• **The problem**: Retype the records below exactly as they stand, but with no images.

• **Study material**:
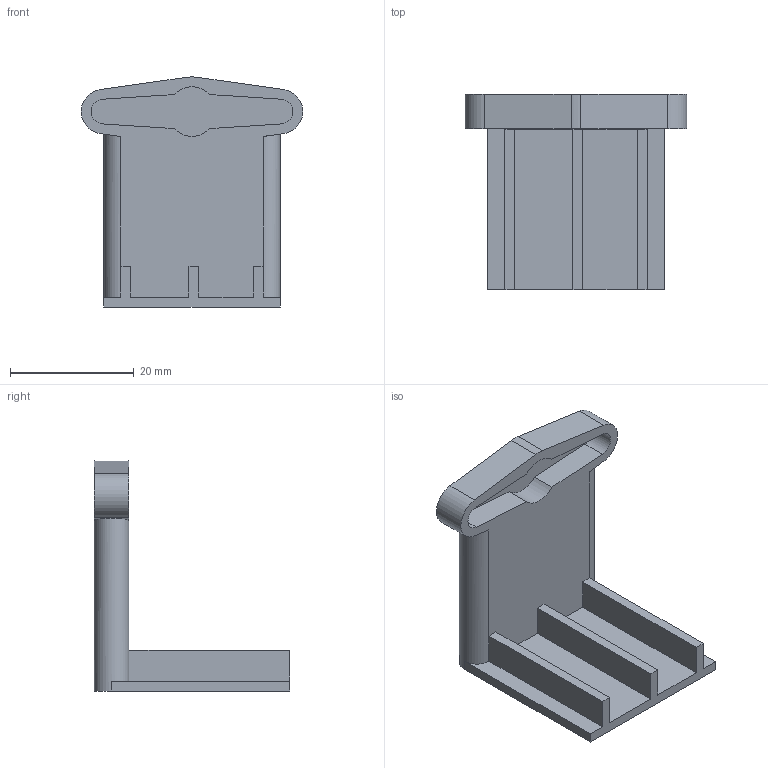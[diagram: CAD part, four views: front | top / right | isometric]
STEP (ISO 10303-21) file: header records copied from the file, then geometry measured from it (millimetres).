
FILE_DESCRIPTION(/* description */ (''),/* implementation_level */ '2;1');
FILE_NAME(/* name */ 'ServoBarMount.step',/* time_stamp */ '2021-12-03T09:15:10-07:00',/* author */ (''),/* organization */ (''),/* preprocessor_version */ 'ST-DEVELOPER v18.1',/* originating_system */ 'Autodesk Translation Framework v10.10.0.1391',/* authorisation */ '');
FILE_SCHEMA (('AUTOMOTIVE_DESIGN { 1 0 10303 214 3 1 1 }'));
Length unit declared in the file: millimetre
Products named in the file (1): Servo Bar Mount
Bounding box: 35.77 x 31.6 x 37.19 mm (x, y, z)
Volume: 7013 mm3; surface area: 5427.8 mm2
Topology: 1 solids, 1 shells, 37 faces, 100 edges, 66 vertices
Faces by surface type: plane 28, cylinder 9
Entity records: 1191 total; most frequent: CARTESIAN_POINT 204, ORIENTED_EDGE 200, DIRECTION 196, EDGE_CURVE 100, LINE 80, VECTOR 80, VERTEX_POINT 66, AXIS2_PLACEMENT_3D 58

• **Response area**:
[diagram: CAD part, four views: front | top / right | isometric]
STEP (ISO 10303-21) file: header records copied from the file, then geometry measured from it (millimetres).
FILE_DESCRIPTION(/* description */ (''),/* implementation_level */ '2;1');
FILE_NAME(/* name */ 'ServoBarMount.step',/* time_stamp */ '2021-12-03T09:15:10-07:00',/* author */ (''),/* organization */ (''),/* preprocessor_version */ 'ST-DEVELOPER v18.1',/* originating_system */ 'Autodesk Translation Framework v10.10.0.1391',/* authorisation */ '');
FILE_SCHEMA (('AUTOMOTIVE_DESIGN { 1 0 10303 214 3 1 1 }'));
Length unit declared in the file: millimetre
Products named in the file (1): Servo Bar Mount
Bounding box: 35.77 x 31.6 x 37.19 mm (x, y, z)
Volume: 7013 mm3; surface area: 5427.8 mm2
Topology: 1 solids, 1 shells, 37 faces, 100 edges, 66 vertices
Faces by surface type: plane 28, cylinder 9
Entity records: 1191 total; most frequent: CARTESIAN_POINT 204, ORIENTED_EDGE 200, DIRECTION 196, EDGE_CURVE 100, LINE 80, VECTOR 80, VERTEX_POINT 66, AXIS2_PLACEMENT_3D 58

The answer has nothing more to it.